I’m wondering if there’s a cheaper way to duplicate the crux of this setup, centered around that KD lens and a short length? Maybe a lens inside a Jacob A60? Although I like that width.

I’m guessing you’re using two Ultrafire 18350 li-ions in there?

I haven’t spent any real money on a dedicated thrower (should we call it a “spotting light” or “scope light”?). I was tending towards a Convoy L2, but I’m coming to the conclusion that the least spill is the best, if you just want to see far. I’d imagine spill can spook game/advertise your location more, plus blind you from seeing what’s way out there. I read in another thread about boaters who pick up buoys at night, need zero spill if possible, otherwise they can’t see them for the waves close-up. In another thread, an author retrieving trailcam pics wrote about being aware a cougar was in the area, and feeling naked not being able to see far into the woods with all the spill from his light (I’d have at least 2 lights in that case).

I’ve also noticed light through a lens is more “coherent”. Hard to explain, but I do know that focused light will send a usable beam right through window screen, whereas reflector light gets hung up on the screen, and you can barely see outside. I’ve never really understood why it’s so different. I think there’s more there, though, if I can understand it. Some despise the projection of the die, but I’ve always found it really cool.

Are X*-*2’s better for focused beams, due to their smoother phosphor (lack of current sinks, or whatever those ‘bars’ are)?

KD lens is sku 13618

the “oh-so-high-end crelant lens” is not so high end…most are fairly crappy. The KD lens although not great is much better and my testing actually showed an increase in throw.

nope…not too heavy…one reason for shorty version.

no reflectors, single aspheric lens.

I never use ultrafire batteries! only sanyo and panasonic.

This light has a dr. jones driver. max voltage is 5volts so only a single li-ion battery will work. No need for carrying around lots of extra batteries. One spare Panny 3400 and hunt all night.

This light has a red xpe2 I have pushed it to 1.75A on a copper sinkpad and didn’t gain any light output. so i went back to 1.4A.

I like the convoy L2 quite a bit. My only problem with it, is the battery tube is larger than 1” and larger than 30mm, so it does not fit into a 1” or 30mm scope ring. So weapon mounting a convoy L2 would be a challenge.

A slightly cheaper way to duplicate this set-up would be to cut down a stock T13 tube, do a resistor mod an a stock driver, then add crelant head with original lens. That’s about the cheapest way to duplicate the set-up and still have a fairly robust rig for shooting.

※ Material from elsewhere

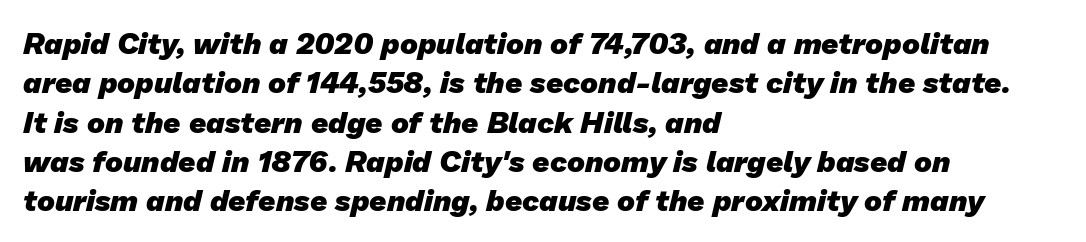
{"serif": "no", "bold": "yes", "weight": "heavy", "width": "normal", "stroke_contrast": "low", "x_height": "medium", "monospaced": "no", "underline": "no", "align": "left", "line_spacing": "normal", "line_spacing_ratio": 1.31, "letter_spacing": "normal", "letter_spacing_em": 0.0, "glyph_px": 30}

Aspheric beam versus reflector beam. I geuss it depends on your needs. Many fox hunters that i build lights for like the reflector based T13’s. They have a large hotspot and large spill. These hunters like to hide behind a wall of light. They can keep the Fox in the “halo” until it is close enough, then lower the hotspot on to the animal for positive identification and shot placement.

Other hunters, especially coyote hunters do not want alot of spill. They feel the spill may give away their position or reflect off the gun barrel, ground, etc.

This is what I call a scope light or shooting light. I use headlamps for “spotting” or “scanning”.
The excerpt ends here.